Skip to content

Real-World Point Tracking with Verifier-Guided Pseudo-Labeling

Conference: CVPR 2026
arXiv: 2603.12217
Code: kuis-ai.github.io/track_on_r
Area: Video Understanding / Point Tracking
Keywords: point tracking, pseudo-labeling, verifier, multi-teacher ensemble, sim-to-real adaptation

TL;DR

A learnable Verifier meta-model is proposed, trained on synthetic data to "judge tracker prediction reliability" and transferred to the real world. By evaluating predictions from 6 pre-trained teachers frame-by-frame to select the most reliable pseudo-labels, the Track-On-R model achieves comprehensive SOTA across 4 real-world benchmarks using only ~5K real videos for fine-tuning.

Background & Motivation

Background: Long-range point tracking models (e.g., CoTracker, TAPIR, Track-On) are typically trained on synthetic data (TAP-Vid Kubric). Recent self-training methods (BootsTAPIR, CoTracker3) use pseudo-labels on real videos to bridge the sim-to-real gap.
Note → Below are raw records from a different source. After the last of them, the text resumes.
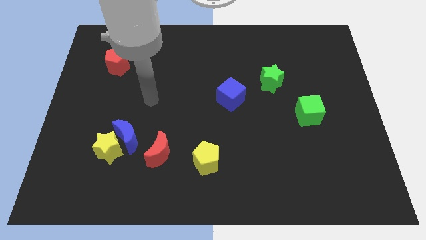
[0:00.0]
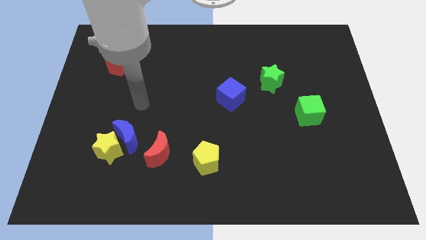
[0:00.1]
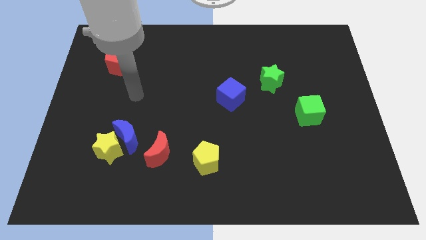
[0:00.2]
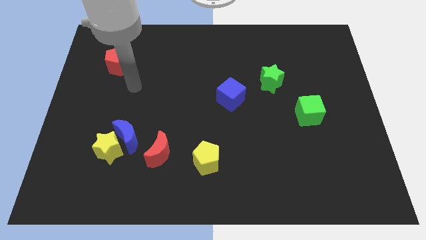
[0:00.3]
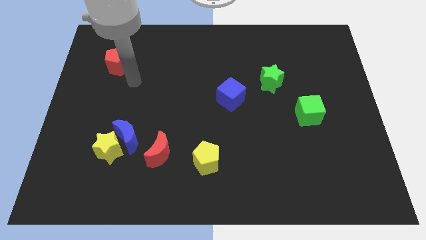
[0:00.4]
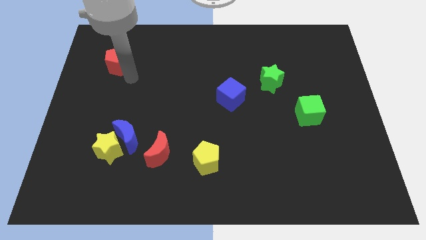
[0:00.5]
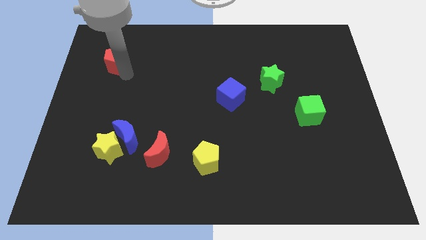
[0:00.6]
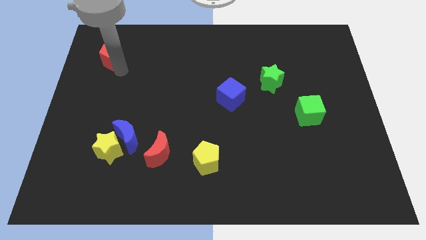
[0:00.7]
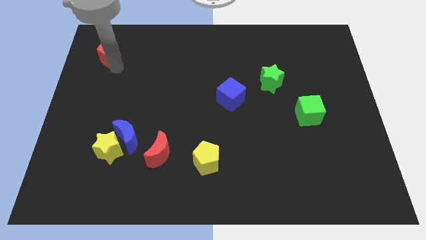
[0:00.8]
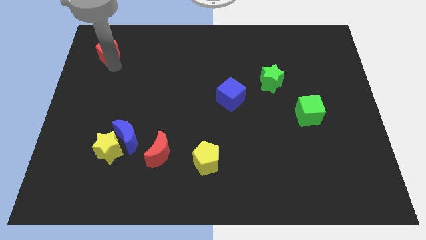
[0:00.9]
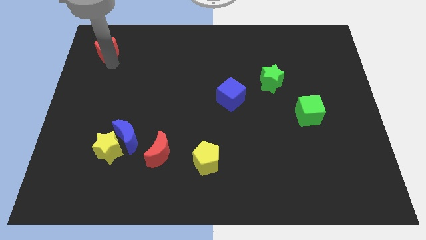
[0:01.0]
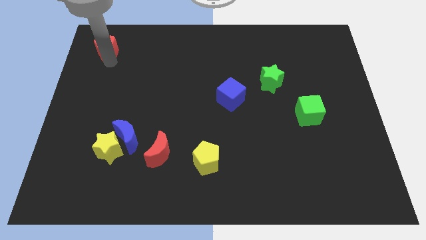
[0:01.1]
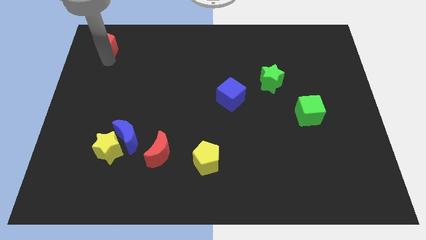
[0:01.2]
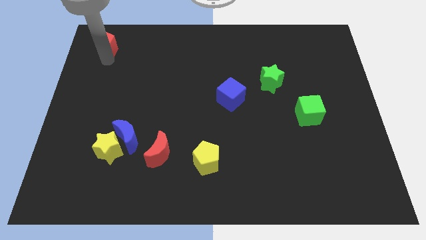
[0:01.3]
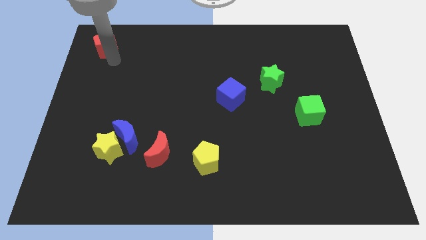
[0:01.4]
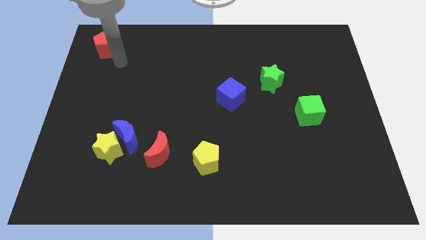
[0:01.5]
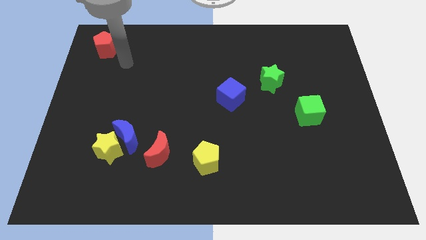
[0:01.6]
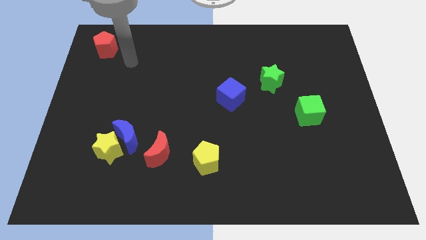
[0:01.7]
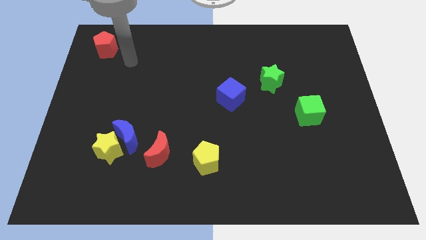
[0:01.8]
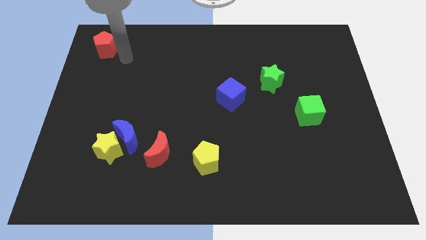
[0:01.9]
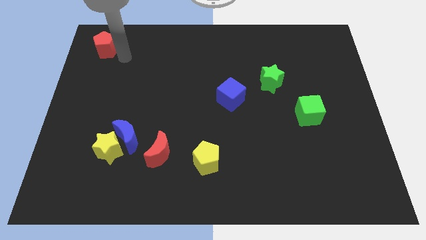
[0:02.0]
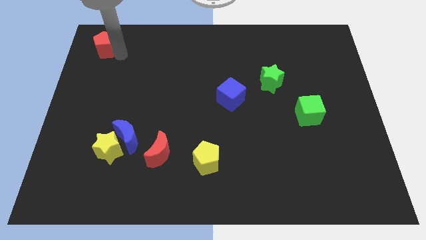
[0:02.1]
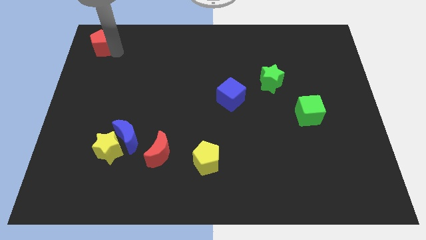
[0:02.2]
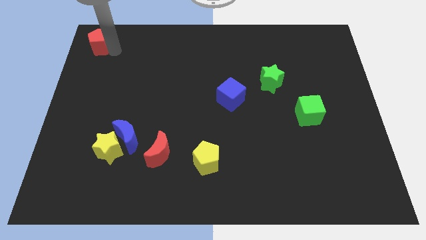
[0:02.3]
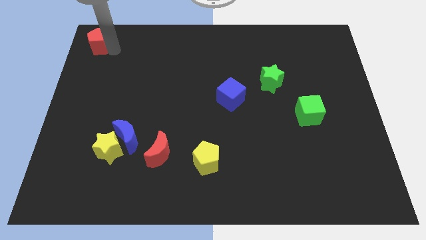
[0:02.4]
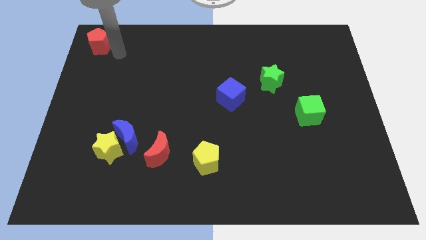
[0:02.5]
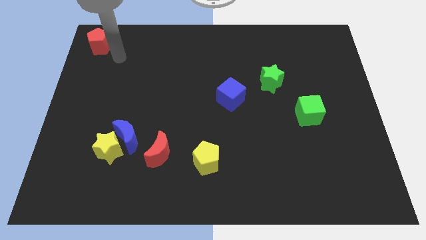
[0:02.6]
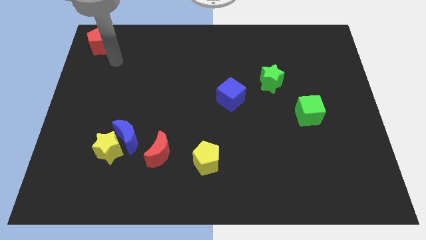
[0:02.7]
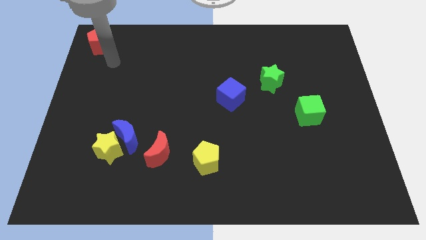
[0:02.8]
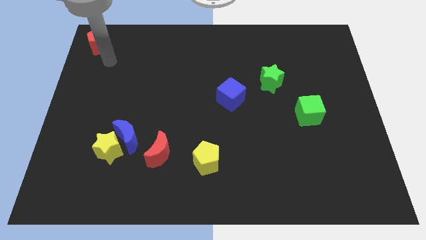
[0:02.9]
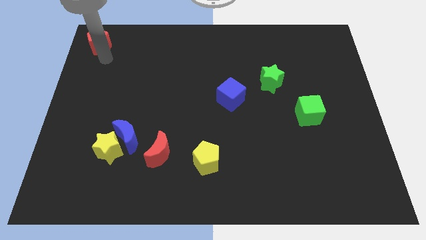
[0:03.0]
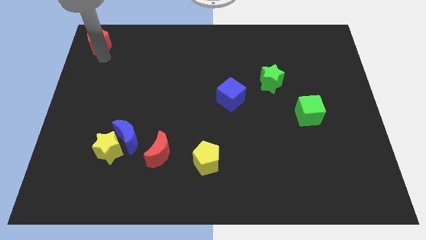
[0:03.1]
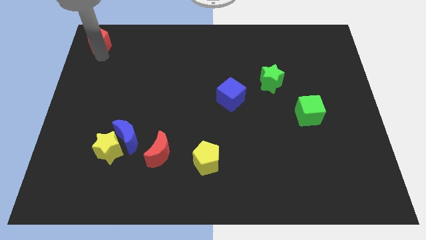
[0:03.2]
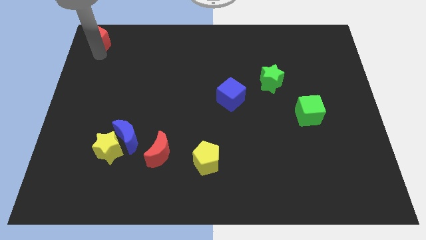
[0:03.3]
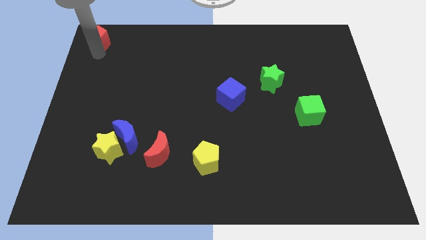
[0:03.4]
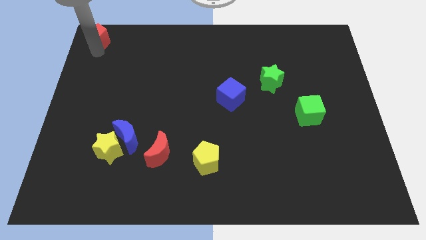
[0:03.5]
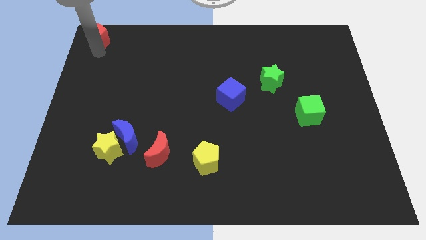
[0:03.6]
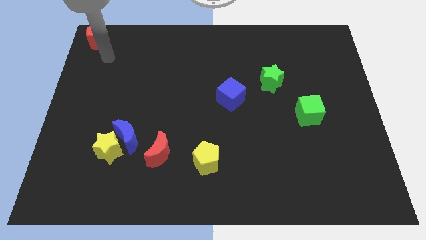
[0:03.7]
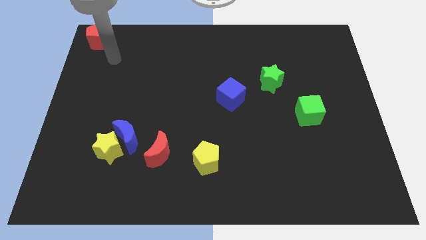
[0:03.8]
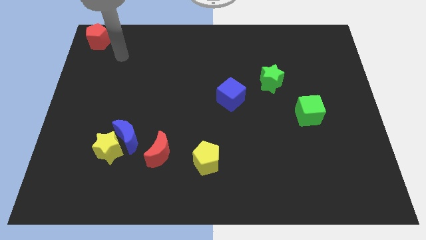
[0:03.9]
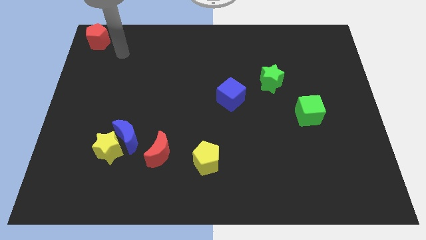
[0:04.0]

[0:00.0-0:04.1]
place the red pentagon at the top left corner of the board

Limitations of Prior Work:

  1. The reliability of a single tracker varies significantly across different frames/scenes—each excels at specific challenges like fast motion, low texture, occlusion, or identity switches.
  2. Naive self-training (randomly selecting one teacher for pseudo-labels) or fixed ensemble strategies cannot handle this heterogeneity and propagate systemic errors.
  3. Methods like BootsTAPIR require millions of real videos for large-scale distillation, resulting in low data efficiency.
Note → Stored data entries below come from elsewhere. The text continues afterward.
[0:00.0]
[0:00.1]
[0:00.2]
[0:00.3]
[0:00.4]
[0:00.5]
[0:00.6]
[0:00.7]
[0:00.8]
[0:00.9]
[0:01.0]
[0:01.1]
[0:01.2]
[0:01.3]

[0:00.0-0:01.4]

Key Challenge: Oracle experiments indicate that performance could improve significantly if the best tracker were chosen for each frame (revealing a large gap with current methods), but no automated method exists for such frame-level adaptive selection.

Goal: Learn to automatically determine the reliability of multiple trackers in every frame and select the most accurate prediction as a pseudo-label.

Key Insight: Train a "Verifier" meta-model—it does not perform tracking itself but learns "who tracks well." It learns reliability judgment on synthetic data by "distinguishing real from fake" (applying random perturbations to GT trajectories to simulate tracker errors).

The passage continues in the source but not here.